Don’t believe all you’re told
Now give me your opinion on this hypothetical situation. A thousand members of the supporters association of the dirtiest football club in the league are asked whether their players need help. Seventy per cent of them say there is no problem. So do you believe the supporters?
No, of course, you don’t. They are hardly likely to say mea culpa and put on sackcloth and ashes. You will expect them to support the club through thick and thin.
Yet when You Gov announce that 70% of Labour party members deny that the party has a serious antisemitism problem, everybody believes that they think that is the gospel truth.
You then have to ask whether there is a better yardstick than enquiring whether you have stopped beating your wife. Fortunately there is. In the last general election the Labour party polled fewer votes than in any year since 1935. That is the incontrovertible opinion of the British electorate.
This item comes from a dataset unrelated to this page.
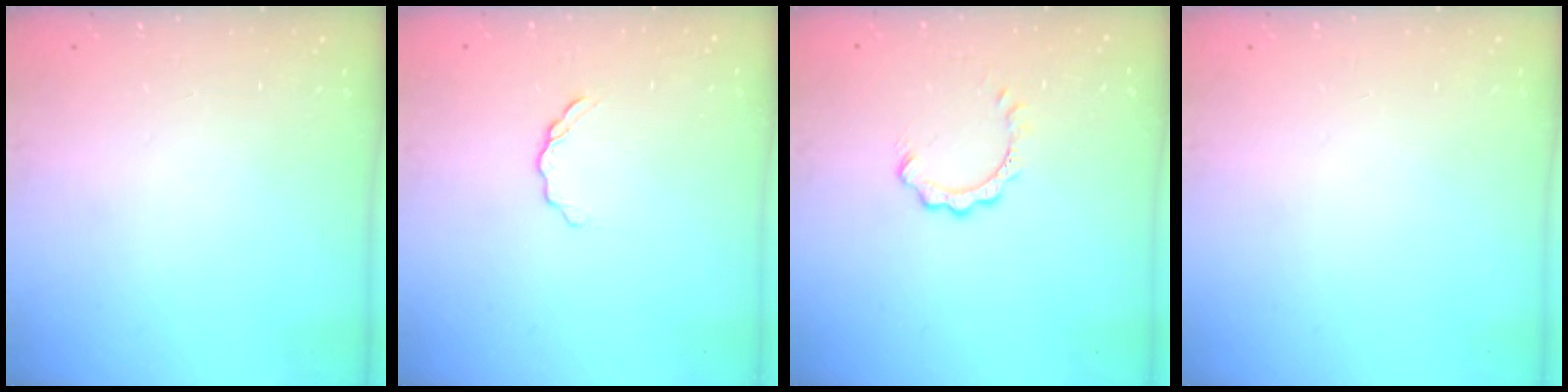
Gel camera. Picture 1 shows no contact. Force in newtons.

A lot of Labour party supporters proved conclusively that they did not approve of antisemitism.
What other questionable results are suggested by this You Gov enquiry? Well, we are told that 29% think Jeremy Corybyn would so a better job than Keir Starmer. It is not pointed out to us that 71% don’t think so. That’s a landslide in Keir Starmer’s favour.
We are also told that 72% of Labour members don’t want Jeremy Corbyn expelled from the party. Surely that’s primarily because they’re Socialists and his Socialist beliefs resonate with them. Labour is a Socialist party; is anybody suggesting that it’s main objective is to work for an antisemitic manifesto?
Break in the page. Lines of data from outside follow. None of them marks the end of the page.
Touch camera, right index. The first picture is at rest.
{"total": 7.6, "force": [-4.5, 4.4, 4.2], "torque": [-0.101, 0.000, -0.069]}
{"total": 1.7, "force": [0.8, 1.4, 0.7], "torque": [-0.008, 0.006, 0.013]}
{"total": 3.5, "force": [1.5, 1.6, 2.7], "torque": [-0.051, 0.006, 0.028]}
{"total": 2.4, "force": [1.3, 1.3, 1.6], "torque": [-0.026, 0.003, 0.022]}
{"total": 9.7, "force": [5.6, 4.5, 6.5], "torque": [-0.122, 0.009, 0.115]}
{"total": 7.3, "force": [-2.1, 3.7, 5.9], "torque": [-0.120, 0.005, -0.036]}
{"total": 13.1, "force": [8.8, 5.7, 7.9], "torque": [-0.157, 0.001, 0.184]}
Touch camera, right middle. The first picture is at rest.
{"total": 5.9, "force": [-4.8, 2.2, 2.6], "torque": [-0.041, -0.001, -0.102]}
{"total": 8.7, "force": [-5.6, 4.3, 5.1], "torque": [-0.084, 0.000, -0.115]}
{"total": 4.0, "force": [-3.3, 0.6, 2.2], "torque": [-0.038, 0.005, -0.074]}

Are workers rights, Trade Union legislation, minimum wages, benefits, pensions and the National Health Service all unimportant compared to being unpleasant to the Jews? Alright, if they don’t denounce antisemitism whenever it raises its ugly head, a lot of people aren’t going to vote for them, but it can’t be top of the agenda.
It is often impossibly difficult to drag out the truth from a mass of misinformation. This isn’t a modern phenomenon; unpleasant heads of government have used propaganda to persuade their citizens of falsehoods since Alfred was supposed to have burned the cakes. A useful accusation if you want to eliminate a Ready Steady Cook contestant.
The latest example is the interview that dreadful American woman gave. She lied when she said that she had been married before the official wedding by the Archbishop of Canterbury. Undoubtedly you can do a great deal of damage with an interview of that kind, but the one thing that will wreck your efforts is telling one lie.
Every salesman knows that. Tell one lie and everything else you say is discounted as unproven and probably false. The real problem with the interview from our point of view, however, is that every tinpot dictator will try to take the spotlight off their own shortcomings by trying to point instead to racism in the royal family. How can you be racist when half the Commonwealth is coloured? It’s like President Putin standing for Cheltenham.
Of course the Americans, trying to deal with an attack on the Capitol, are also trying to shift the spotlight onto our alleged errors. We haven’t, in fact, burnt the White House since 1814 but they shouldn’t have attacked York in Canada in the first place.
Antisemitism has affected Conservative elections as well. When Daniel Lipson was the proposed candidate for Cheltenham in 1937, he was rejected because he was a Jew. So he stood as an independent Conservative and beat the official nominee. His nephew is Lord Winston.